*** Input records ***

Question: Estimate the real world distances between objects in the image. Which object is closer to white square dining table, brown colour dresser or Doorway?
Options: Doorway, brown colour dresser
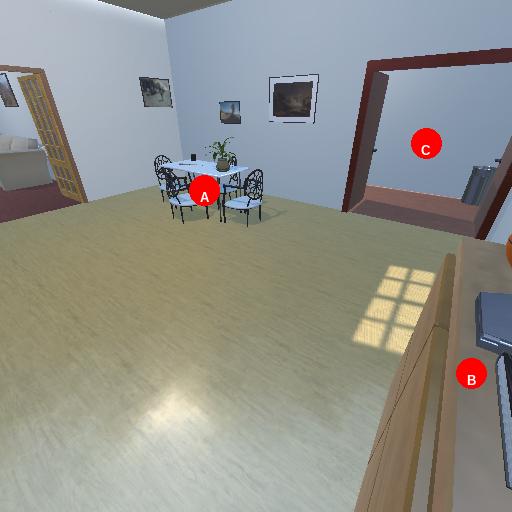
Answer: Doorway
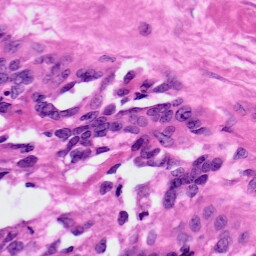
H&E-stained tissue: Ovarian
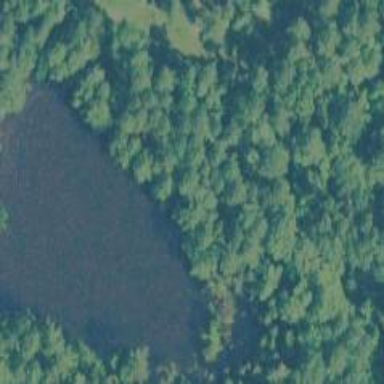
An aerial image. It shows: Pond with natural water.
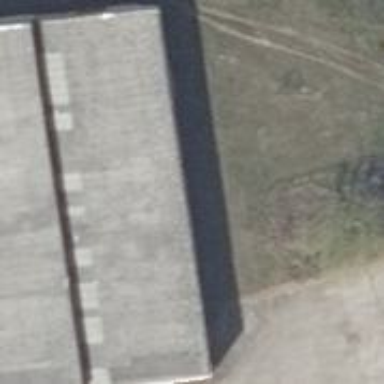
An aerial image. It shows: Stable building.
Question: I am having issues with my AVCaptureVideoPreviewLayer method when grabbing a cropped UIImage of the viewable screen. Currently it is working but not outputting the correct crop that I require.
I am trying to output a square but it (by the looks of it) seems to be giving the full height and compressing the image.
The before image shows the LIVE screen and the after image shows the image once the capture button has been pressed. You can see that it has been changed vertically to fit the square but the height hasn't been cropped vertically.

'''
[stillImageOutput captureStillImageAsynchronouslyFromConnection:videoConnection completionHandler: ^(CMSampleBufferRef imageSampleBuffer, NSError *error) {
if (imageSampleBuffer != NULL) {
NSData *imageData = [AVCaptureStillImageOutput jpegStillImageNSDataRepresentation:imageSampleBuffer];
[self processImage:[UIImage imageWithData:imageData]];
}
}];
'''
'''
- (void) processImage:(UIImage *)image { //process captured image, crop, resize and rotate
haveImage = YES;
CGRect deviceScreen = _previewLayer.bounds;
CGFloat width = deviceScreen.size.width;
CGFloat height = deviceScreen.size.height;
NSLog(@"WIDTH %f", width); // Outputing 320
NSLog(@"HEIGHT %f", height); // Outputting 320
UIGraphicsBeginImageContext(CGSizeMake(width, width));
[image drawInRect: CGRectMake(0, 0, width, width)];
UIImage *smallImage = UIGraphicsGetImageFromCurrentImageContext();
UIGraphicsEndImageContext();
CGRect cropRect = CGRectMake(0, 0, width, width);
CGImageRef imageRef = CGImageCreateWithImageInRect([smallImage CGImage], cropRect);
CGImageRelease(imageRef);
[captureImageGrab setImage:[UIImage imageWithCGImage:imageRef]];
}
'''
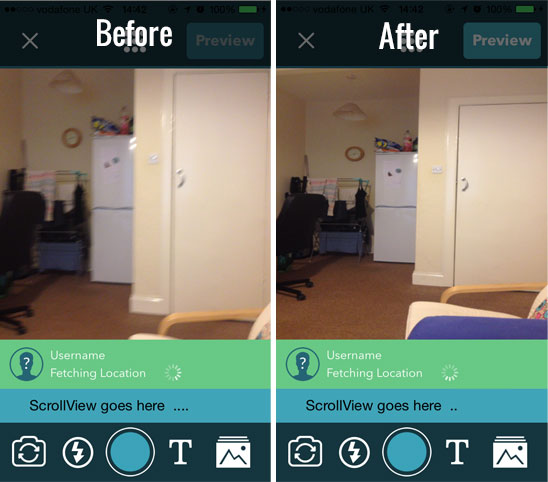
Answer: Even if the preview layer is square, keep in mind that the generated still image keeps its original size.
From what I see, the problem is here:
'''
UIGraphicsBeginImageContext(CGSizeMake(width, width));
[image drawInRect: CGRectMake(0, 0, width, width)];
'''
You already made your context square with the first line. You still need to draw your image in its original format, it will be clipped by that context. On the second line, you are forcing the drawing of the original image in a square, thus making it look "squeezed".
You should find the right image height that keeps the original ratio while fitting your "width". Next, you will want to draw that image with the correct size (keeping the original ratio) in your square context. If you want to clip the center, change your Y position of the drawing.
Something similar to this:
'''
- (void) processImage:(UIImage *)image {
UIGraphicsBeginImageContext(CGSizeMake(width, width));
CGFloat imageHeight = floorf(width / image.width * image.height);
CGFloat offsetY = floorf((imageHeight - width) / 2.0f);
[image drawInRect: CGRectMake(0, -offsetY, width, imageHeight)];
UIImage *smallImage = UIGraphicsGetImageFromCurrentImageContext();
UIGraphicsEndImageContext();
[captureImageGrab setImage:smallImage];
}
'''
That should do it.
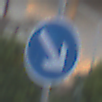
Verkehrszeichen: VorgeschriebeneVorbeifahrtRechts
Umgebung: Outdoor, Urban
Tageszeit: SunriseSunset
Wetter: Clear
Licht: Natural
Jahreszeit: NotSpecified
Kontrast: LowContrast
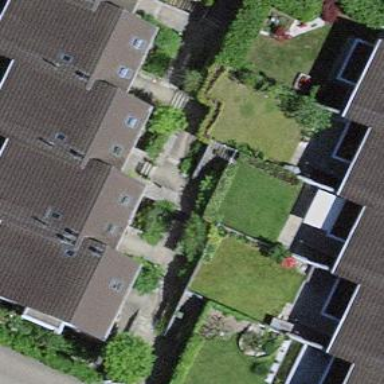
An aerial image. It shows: Terrace building.
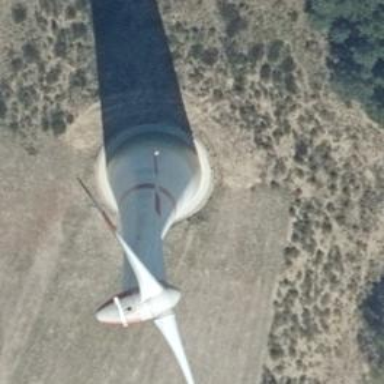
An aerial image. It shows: Wind generator is in the picture.
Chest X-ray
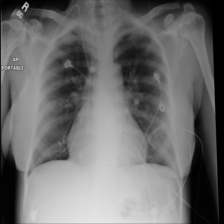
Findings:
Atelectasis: negative
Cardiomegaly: negative
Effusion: negative
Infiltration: negative
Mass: negative
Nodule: negative
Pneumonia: negative
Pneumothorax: negative
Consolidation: negative
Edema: negative
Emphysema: negative
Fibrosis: negative
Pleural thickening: negative
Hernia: negative
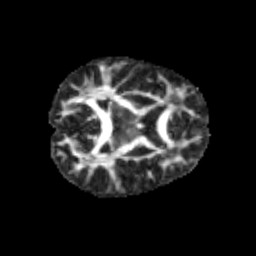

*** End of Input records ***

▶ Problem description
Would you print, exactly as they appear, the lines from the line with "Edema: negative" through the end of the entries above, leaving out the pictures?

▶ Answer box
Edema: negative
Emphysema: negative
Fibrosis: negative
Pleural thickening: negative
Hernia: negative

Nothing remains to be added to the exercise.